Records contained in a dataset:
---
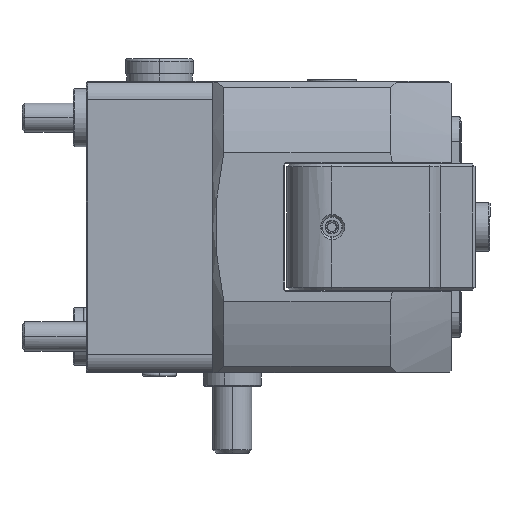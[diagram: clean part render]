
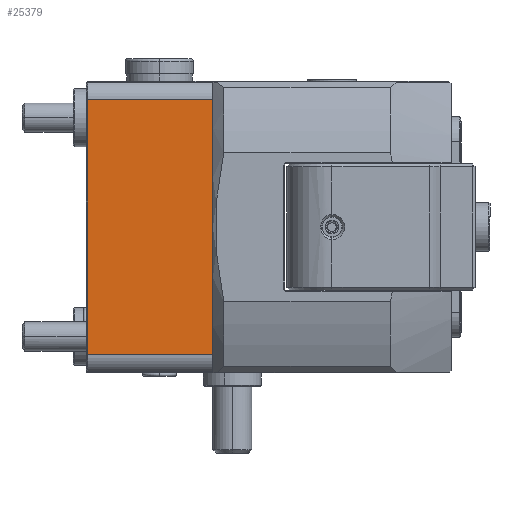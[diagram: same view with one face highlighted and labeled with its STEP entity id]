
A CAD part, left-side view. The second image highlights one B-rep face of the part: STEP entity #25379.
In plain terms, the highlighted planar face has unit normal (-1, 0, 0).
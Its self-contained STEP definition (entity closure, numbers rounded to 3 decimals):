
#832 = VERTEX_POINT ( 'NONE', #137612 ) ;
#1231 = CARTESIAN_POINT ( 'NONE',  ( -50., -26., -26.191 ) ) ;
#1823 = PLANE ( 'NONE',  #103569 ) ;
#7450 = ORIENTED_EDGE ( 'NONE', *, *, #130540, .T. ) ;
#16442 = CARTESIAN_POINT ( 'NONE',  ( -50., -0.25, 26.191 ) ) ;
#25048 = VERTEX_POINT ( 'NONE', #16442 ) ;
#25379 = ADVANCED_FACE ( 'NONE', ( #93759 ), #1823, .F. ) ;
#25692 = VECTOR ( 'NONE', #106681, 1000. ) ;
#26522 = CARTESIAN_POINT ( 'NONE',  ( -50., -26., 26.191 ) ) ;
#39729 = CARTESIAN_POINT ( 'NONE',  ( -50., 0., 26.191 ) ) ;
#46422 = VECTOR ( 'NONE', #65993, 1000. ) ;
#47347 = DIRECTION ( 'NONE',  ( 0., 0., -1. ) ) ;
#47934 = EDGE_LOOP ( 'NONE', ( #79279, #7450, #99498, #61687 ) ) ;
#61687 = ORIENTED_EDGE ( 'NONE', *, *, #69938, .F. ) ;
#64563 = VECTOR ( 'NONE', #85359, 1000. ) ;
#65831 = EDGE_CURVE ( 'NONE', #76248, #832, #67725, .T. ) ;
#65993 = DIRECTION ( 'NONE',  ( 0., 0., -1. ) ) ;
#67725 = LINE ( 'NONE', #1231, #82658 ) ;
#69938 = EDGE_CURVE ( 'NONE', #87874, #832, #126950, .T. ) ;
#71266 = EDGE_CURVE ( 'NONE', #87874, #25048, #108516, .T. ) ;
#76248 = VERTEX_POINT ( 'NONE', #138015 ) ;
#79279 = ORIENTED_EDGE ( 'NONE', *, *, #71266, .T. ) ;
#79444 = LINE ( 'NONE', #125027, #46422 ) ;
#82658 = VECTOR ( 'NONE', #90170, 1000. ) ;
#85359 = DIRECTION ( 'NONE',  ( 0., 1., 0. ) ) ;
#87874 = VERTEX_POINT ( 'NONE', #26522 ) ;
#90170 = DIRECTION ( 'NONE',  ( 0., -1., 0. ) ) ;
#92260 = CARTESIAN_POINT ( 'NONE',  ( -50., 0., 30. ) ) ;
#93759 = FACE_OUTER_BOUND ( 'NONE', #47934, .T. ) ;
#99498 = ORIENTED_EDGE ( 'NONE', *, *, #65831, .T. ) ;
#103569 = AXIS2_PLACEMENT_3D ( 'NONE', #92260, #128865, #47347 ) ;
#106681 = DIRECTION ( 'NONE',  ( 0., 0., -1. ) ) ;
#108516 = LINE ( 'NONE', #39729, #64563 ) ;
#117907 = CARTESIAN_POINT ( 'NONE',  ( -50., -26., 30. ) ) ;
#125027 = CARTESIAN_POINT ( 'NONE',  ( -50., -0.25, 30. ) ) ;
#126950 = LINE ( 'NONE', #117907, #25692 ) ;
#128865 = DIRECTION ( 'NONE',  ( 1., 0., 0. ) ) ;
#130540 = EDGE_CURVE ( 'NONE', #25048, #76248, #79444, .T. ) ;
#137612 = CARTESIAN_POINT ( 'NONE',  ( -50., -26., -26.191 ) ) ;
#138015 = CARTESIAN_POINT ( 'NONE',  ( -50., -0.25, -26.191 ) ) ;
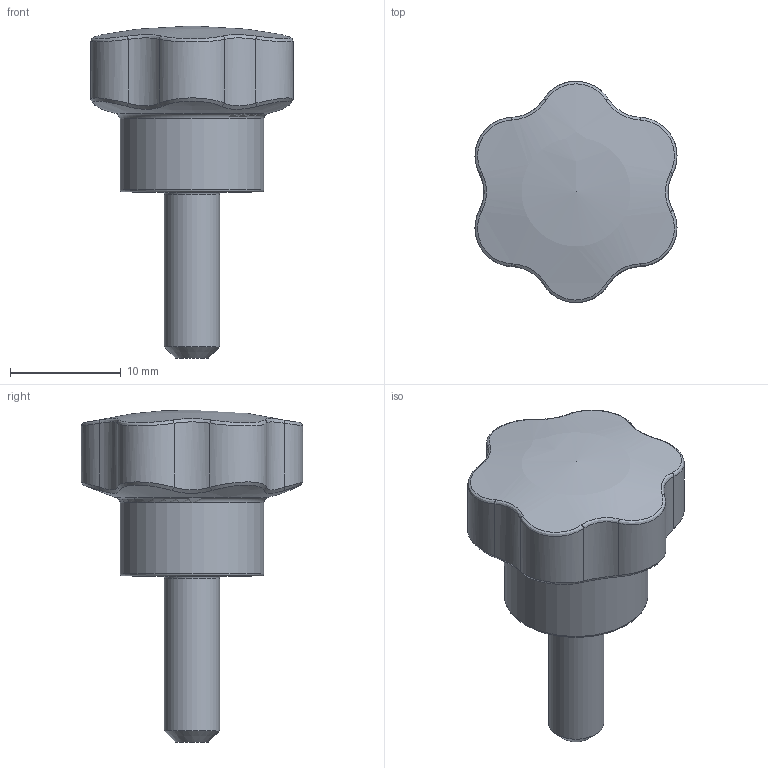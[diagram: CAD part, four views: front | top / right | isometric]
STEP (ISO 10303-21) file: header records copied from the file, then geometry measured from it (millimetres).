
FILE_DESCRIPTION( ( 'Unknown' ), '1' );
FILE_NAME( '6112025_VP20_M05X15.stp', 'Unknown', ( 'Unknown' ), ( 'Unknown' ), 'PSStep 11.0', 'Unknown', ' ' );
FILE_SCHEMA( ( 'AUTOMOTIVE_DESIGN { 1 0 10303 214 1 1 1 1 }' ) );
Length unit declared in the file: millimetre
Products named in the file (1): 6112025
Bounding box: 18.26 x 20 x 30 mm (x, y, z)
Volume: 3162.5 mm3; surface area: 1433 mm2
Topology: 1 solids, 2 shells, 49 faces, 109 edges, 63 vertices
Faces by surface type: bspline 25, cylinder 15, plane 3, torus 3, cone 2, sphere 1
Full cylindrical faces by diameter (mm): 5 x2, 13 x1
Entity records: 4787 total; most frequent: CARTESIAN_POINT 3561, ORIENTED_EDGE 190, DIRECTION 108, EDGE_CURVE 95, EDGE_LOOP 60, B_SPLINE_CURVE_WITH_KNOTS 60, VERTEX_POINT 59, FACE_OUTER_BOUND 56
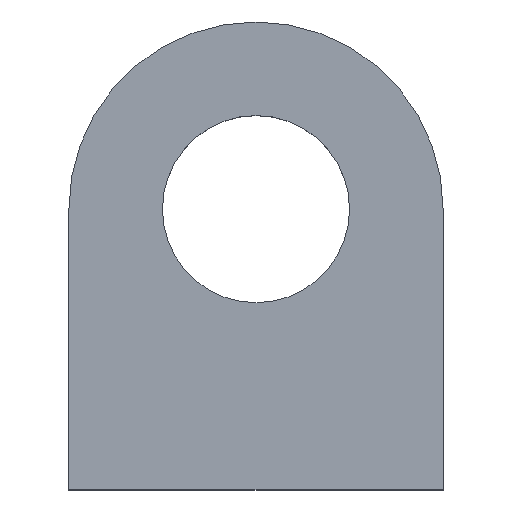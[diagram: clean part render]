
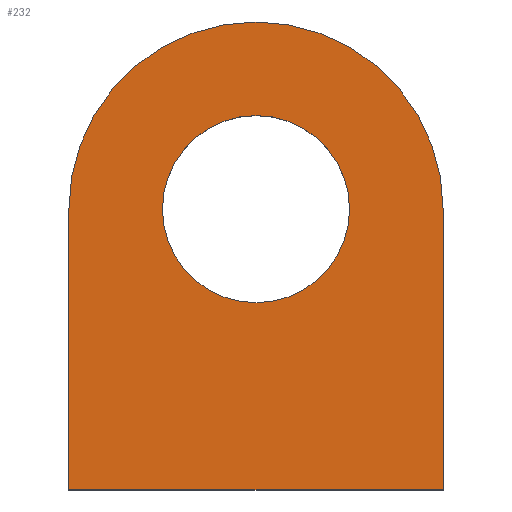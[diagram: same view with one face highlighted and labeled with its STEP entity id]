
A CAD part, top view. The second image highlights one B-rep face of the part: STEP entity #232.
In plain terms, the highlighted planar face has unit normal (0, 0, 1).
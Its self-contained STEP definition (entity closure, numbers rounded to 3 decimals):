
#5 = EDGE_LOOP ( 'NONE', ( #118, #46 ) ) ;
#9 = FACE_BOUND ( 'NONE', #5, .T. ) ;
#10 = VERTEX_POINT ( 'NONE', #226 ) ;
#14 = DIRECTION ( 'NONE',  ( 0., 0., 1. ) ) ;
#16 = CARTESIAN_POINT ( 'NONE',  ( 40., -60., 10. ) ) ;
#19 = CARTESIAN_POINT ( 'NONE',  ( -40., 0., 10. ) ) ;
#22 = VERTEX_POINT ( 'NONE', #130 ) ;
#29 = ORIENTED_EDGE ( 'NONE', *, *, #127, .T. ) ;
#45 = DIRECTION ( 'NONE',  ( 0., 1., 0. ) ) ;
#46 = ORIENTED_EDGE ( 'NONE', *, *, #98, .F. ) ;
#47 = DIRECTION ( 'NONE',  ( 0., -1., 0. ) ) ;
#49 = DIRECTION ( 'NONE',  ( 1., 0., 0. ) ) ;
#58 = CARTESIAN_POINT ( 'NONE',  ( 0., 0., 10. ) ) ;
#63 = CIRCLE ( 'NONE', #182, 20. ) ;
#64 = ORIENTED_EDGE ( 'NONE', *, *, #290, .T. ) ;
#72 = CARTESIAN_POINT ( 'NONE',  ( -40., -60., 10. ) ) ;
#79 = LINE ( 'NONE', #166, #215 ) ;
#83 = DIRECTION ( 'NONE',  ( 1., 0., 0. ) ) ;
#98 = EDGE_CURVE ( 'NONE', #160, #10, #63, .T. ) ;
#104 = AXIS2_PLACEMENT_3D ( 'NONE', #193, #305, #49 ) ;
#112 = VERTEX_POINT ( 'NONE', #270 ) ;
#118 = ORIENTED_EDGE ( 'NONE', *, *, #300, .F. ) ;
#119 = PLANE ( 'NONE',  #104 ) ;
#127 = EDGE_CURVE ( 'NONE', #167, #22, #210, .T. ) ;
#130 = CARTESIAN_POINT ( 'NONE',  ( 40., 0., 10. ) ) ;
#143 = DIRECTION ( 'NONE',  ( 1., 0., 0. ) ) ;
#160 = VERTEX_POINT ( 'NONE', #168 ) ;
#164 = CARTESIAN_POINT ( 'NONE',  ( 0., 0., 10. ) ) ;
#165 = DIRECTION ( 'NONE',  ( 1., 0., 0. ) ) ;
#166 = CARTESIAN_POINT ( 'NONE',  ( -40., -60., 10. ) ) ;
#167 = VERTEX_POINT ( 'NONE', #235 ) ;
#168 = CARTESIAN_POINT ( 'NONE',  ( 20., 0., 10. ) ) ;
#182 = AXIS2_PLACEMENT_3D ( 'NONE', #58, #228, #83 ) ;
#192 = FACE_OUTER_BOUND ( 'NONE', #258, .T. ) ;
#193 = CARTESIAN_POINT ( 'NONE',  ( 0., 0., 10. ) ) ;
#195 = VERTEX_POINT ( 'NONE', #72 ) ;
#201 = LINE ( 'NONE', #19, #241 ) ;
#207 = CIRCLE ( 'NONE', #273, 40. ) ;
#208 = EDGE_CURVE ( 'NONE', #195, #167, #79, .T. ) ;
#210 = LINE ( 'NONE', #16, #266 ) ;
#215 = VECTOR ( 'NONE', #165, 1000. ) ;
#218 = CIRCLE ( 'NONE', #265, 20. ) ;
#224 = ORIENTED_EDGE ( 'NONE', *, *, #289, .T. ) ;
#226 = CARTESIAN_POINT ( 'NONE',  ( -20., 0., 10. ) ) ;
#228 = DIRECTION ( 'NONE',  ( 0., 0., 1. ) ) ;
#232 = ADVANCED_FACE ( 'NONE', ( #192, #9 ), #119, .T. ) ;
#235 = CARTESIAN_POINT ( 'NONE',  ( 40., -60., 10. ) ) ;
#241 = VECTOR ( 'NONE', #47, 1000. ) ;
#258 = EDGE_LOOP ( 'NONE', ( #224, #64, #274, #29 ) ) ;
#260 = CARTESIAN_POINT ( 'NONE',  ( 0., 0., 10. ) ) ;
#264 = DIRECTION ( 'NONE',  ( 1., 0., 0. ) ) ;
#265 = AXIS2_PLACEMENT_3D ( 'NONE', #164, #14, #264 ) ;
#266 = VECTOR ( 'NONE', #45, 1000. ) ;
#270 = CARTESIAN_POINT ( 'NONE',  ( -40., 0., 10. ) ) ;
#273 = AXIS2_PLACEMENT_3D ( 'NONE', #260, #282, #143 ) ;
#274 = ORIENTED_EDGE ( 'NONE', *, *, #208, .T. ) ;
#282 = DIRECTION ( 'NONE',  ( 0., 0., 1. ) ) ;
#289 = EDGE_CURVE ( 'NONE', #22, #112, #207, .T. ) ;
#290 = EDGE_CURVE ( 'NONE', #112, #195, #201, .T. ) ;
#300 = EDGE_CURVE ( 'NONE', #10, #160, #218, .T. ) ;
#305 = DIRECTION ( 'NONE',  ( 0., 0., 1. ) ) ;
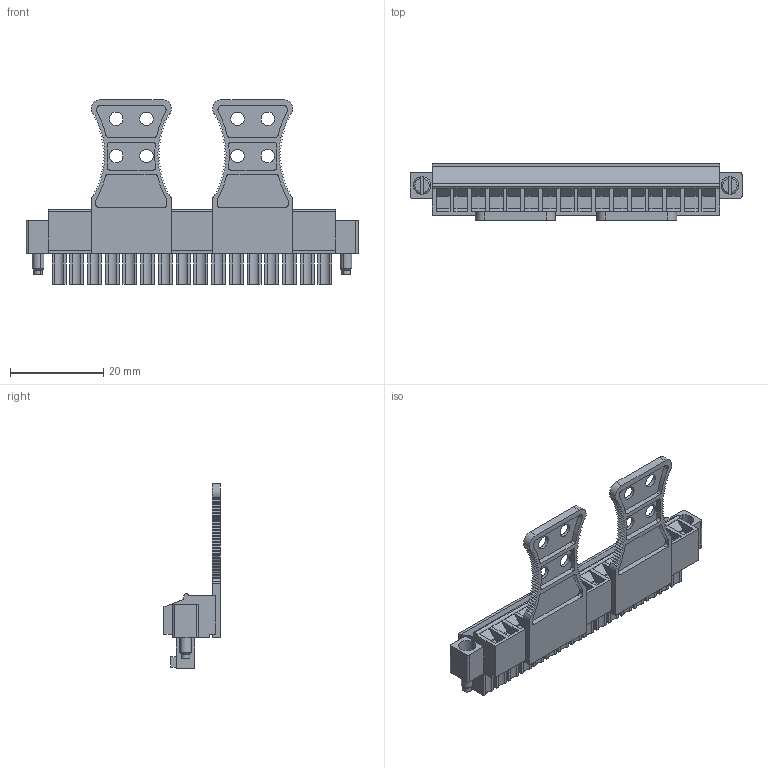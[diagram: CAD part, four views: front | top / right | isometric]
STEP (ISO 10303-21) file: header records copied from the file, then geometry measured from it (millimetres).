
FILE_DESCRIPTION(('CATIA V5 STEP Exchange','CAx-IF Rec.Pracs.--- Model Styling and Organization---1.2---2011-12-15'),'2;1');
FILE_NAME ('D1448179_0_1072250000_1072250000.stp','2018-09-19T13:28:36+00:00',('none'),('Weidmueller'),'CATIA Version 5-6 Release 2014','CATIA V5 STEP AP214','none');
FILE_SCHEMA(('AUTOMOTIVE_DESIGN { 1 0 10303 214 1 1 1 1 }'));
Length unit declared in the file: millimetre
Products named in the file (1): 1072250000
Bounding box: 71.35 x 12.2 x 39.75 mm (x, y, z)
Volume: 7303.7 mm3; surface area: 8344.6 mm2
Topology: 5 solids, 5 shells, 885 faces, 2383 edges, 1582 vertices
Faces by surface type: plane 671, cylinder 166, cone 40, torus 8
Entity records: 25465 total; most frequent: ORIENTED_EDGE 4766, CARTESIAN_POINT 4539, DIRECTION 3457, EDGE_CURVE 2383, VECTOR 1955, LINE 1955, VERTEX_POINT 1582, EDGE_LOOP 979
---
| Your assignment |
Copy word for word the stretch of entries above from the line that has "FILE_NAME( '6112025_VP20_M05X15.stp', 'Unknown', ( 'Unknown'" through the line that has "Bounding box: 18.26 x 20 x 30 mm (x, y, z)", both ends included, and nothing outside it.

| Your solution |
FILE_NAME( '6112025_VP20_M05X15.stp', 'Unknown', ( 'Unknown' ), ( 'Unknown' ), 'PSStep 11.0', 'Unknown', ' ' );
FILE_SCHEMA( ( 'AUTOMOTIVE_DESIGN { 1 0 10303 214 1 1 1 1 }' ) );
Length unit declared in the file: millimetre
Products named in the file (1): 6112025
Bounding box: 18.26 x 20 x 30 mm (x, y, z)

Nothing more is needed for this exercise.